Cunningham, penulis utama studi tersebut, yang diterbitkan dalam jurnal Nature Ecology and Evolution, mengatakan para peneliti melihat manifestasi pemanasan dan kekeringan iklim di depan mata dalam kebakaran ekstrem ini.

Dikutip dari The Straits Times, pekan lalu, kebakaran hutan di New Mexico menewaskan dua orang dan membakar hampir 10.000 hektare; di California Selatan, lebih dari 5.600 hektare lahan terbakar di dekat Los Angeles; dan di Turki, setidaknya 12 orang tewas dan banyak lagi yang terluka akibat kebakaran yang dimulai pada tanggal 20 Juni akibat membakar sisa tanaman.

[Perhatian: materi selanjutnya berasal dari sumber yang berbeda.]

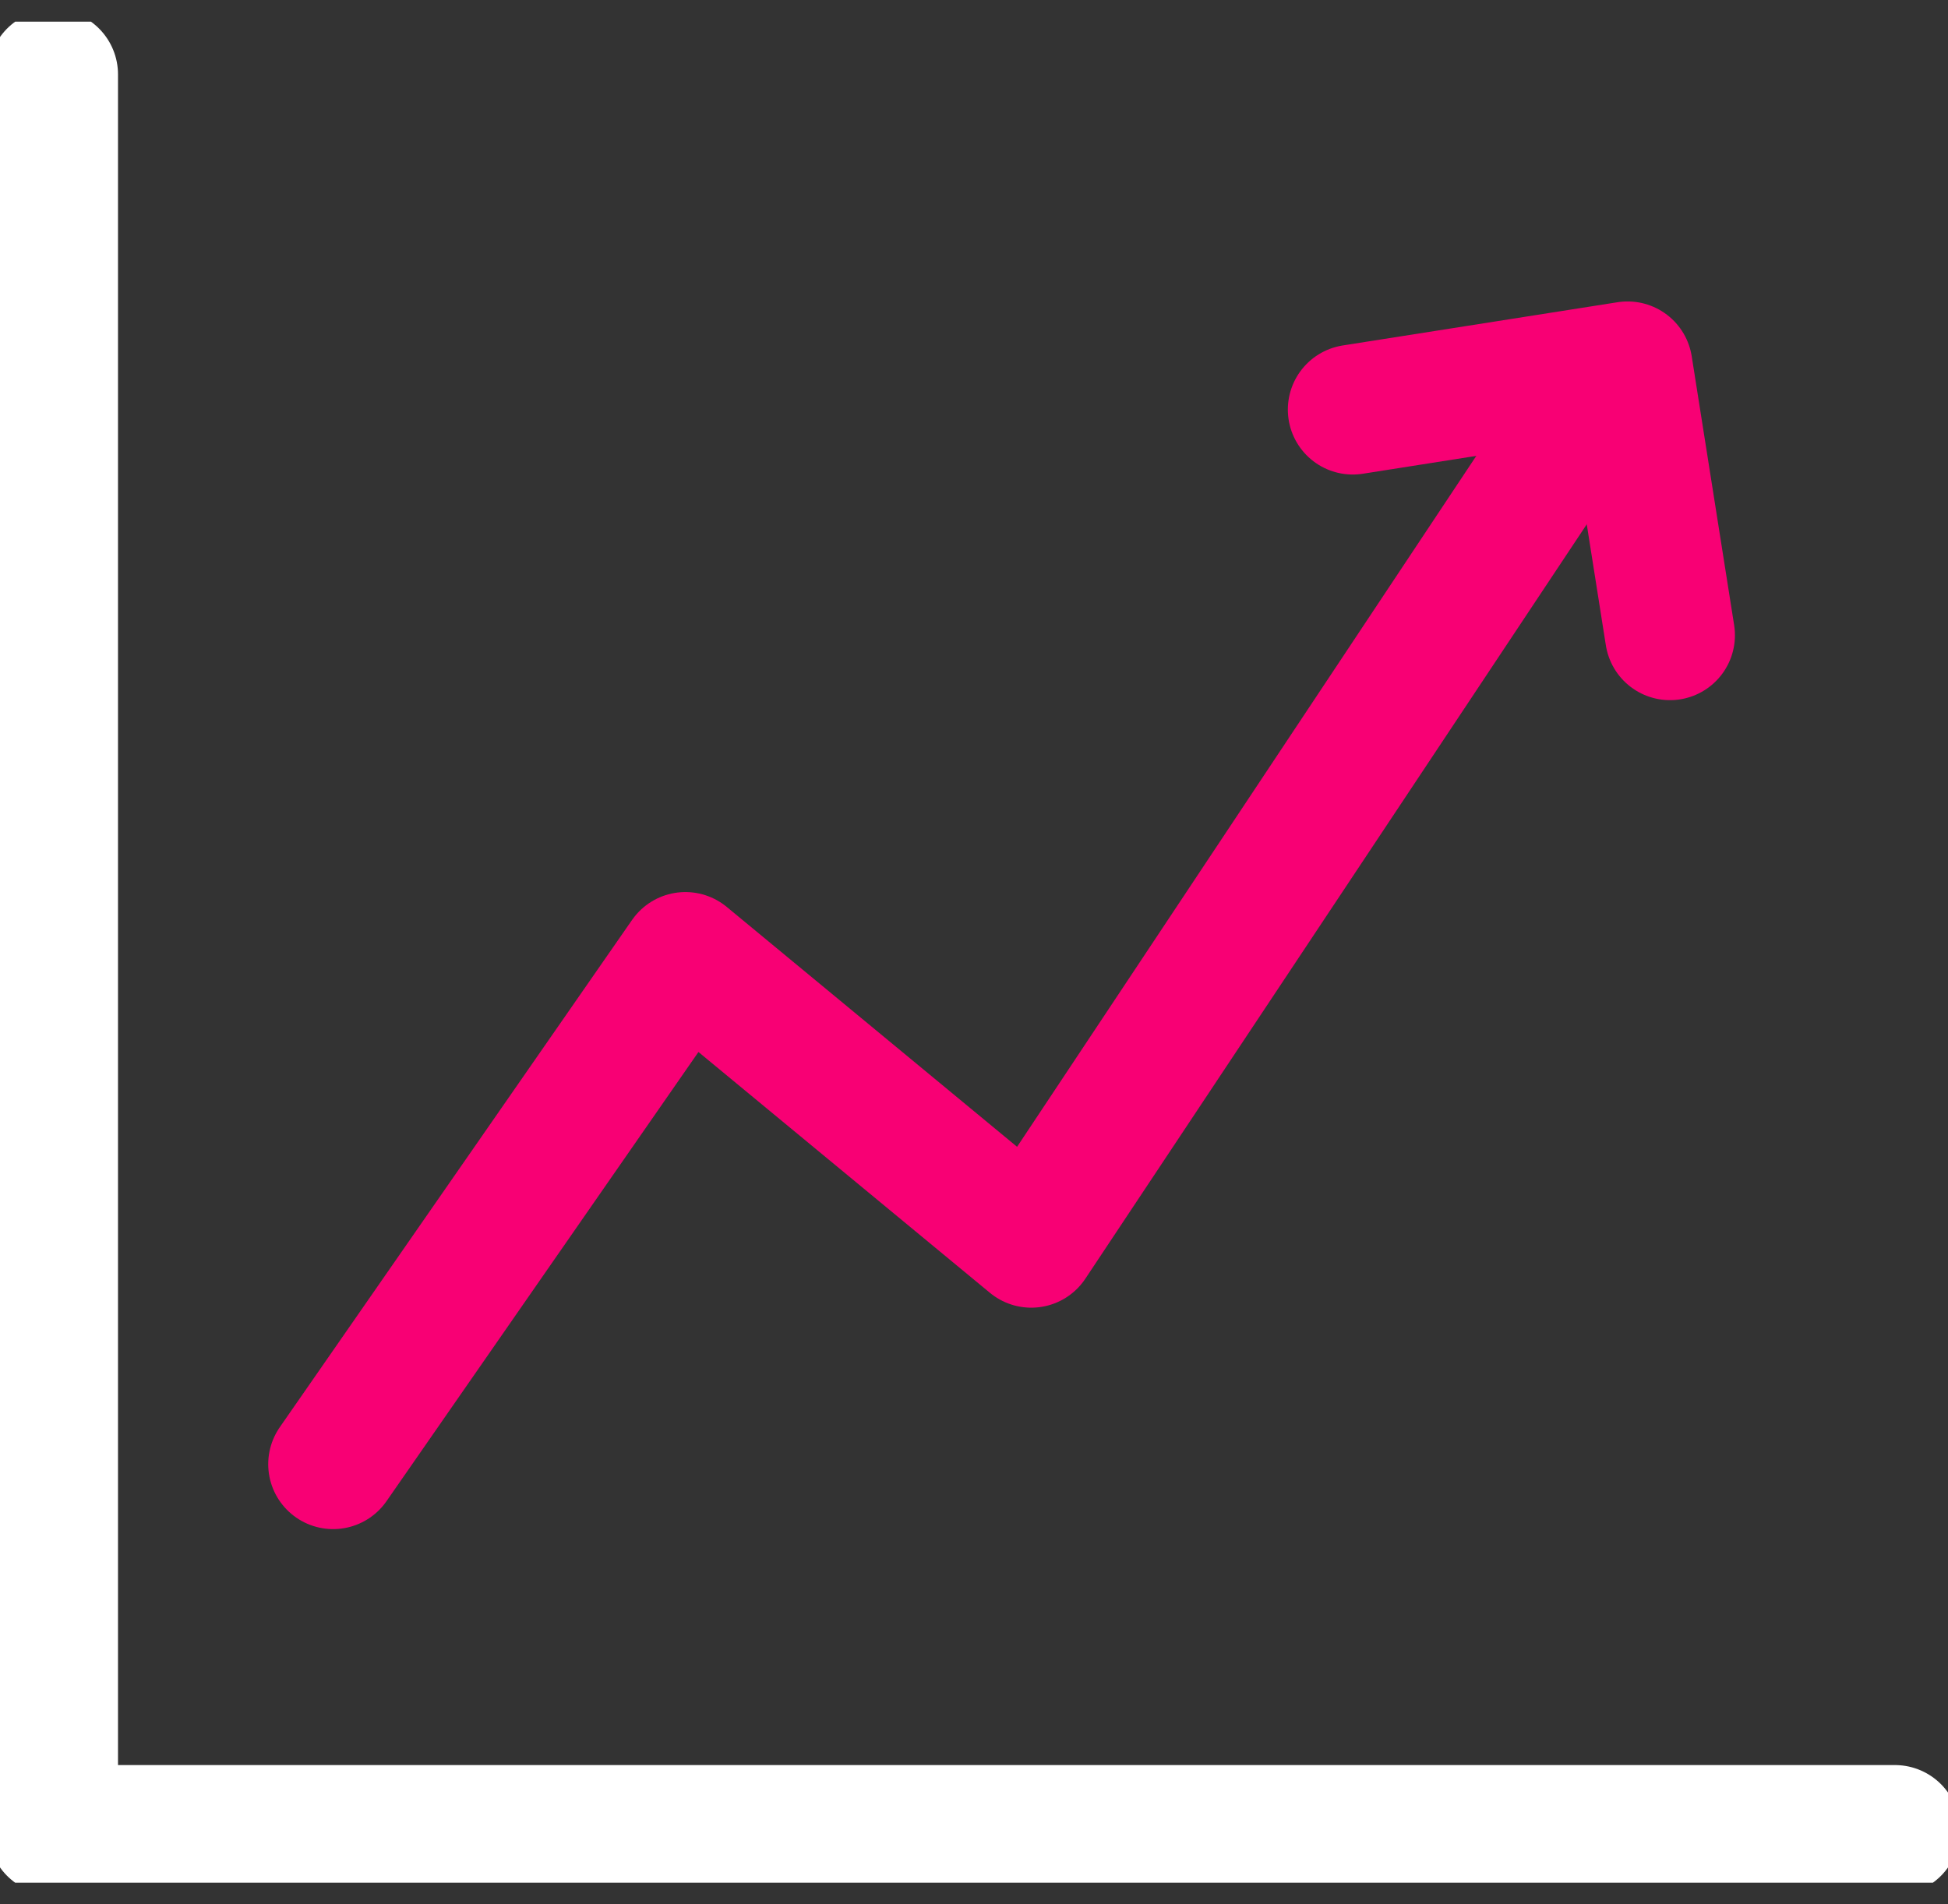 <?xml version="1.0" encoding="UTF-8"?>
<svg xmlns="http://www.w3.org/2000/svg" width="45" height="44" viewBox="0 0 45 44" fill="none">
  <rect x="0" y="0" width="45" height="44" fill="#333333" stroke="none"/>
  <g clip-path="url(#clip0_2634_24415)">
    <path d="M43.775 42.282H1.226V1.719" stroke="white" stroke-width="3" stroke-linecap="round" stroke-linejoin="round"></path>
    <path d="M7.696 33.83L15.833 22.111L23.823 28.714L36.176 10.125" stroke="#F80074" stroke-width="3" stroke-linecap="round" stroke-linejoin="round"></path>
    <path d="M31.25 9.464L37.598 8.465L38.578 14.677" stroke="#F80074" stroke-width="3" stroke-linecap="round" stroke-linejoin="round"></path>
  </g>
  <defs>
    <clipPath id="clip0_2634_24415">
      <rect width="45" height="43" fill="white" transform="translate(0 0.5)"></rect>
    </clipPath>
  </defs>
</svg>

"Meskipun kebakaran hutan dapat berakibat fatal dan merugikan Amerika Serikat hingga 893 miliar dollar AS setiap tahunnya, yang mencakup biaya pembangunan kembali dan dampak ekonomi dari polusi dan korban jiwa, sebagian besar kebakaran relatif tidak berbahaya dan dalam banyak kasus bermanfaat secara ekologis," kata Cunningham.

Studi ini mengamati total daya yang dipancarkan oleh sekelompok peristiwa kebakaran, yang didefinisikan sebagai kebakaran yang terjadi pada waktu yang sama, di lokasi yang berdekatan atau di tempat yang sama, beberapa kali dalam satu hari.

Data dari Satelit

Para peneliti menganalisis data selama 21 tahun yang dikumpulkan oleh dua satelit Badan Penerbangan dan Antariksa Nasional antara Januari 2003 dan November 2023 untuk mengukur bagaimana aktivitas kebakaran berubah dari waktu ke waktu.

Mereka mengidentifikasi 2.913 kejadian ekstrem dari lebih dari 30 juta kebakaran di seluruh dunia. Peristiwa kebakaran ekstrem tersebut juga ditentukan oleh besarnya jumlah asap yang dihasilkan, tingginya tingkat emisi gas rumah kaca, yang selanjutnya dapat mempercepat pemanasan global, dan dampak ekologi, sosial, dan ekonomi dari kebakaran tersebut.

"Ini telah menjadi cawan suci bagi saya," kata David Bowman, penulis senior studi tersebut dan profesor pirogeografi dan ilmu api di Universitas Tasmania.

Meskipun ia mengamati kebakaran semakin besar, terutama di Australia setelah kebakaran hutan pada tahun 2019 yang menewaskan 173 orang dan hampir tiga miliar hewan vertebrata, ia memerlukan data dari penelitian tersebut untuk menunjukkan tren dan menyampaikan sesuatu yang besar sedang terjadi. "Ketika Anda mendapat sinyal-sinyal yang sangat menakutkan, itu juga sangat memotivasi. Ada keharusan untuk melakukan sesuatu mengenai hal ini," kata Bowman.

Peningkatan frekuensi dan intensitas kebakaran secara global hampir seluruhnya disebabkan oleh perubahan di dua wilayah.

Di hutan jenis konifera beriklim sedang di Amerika Serikat bagian barat dan Kanada, kejadian kebakaran ekstrem meningkat menjadi 67 kasus pada tahun 2023.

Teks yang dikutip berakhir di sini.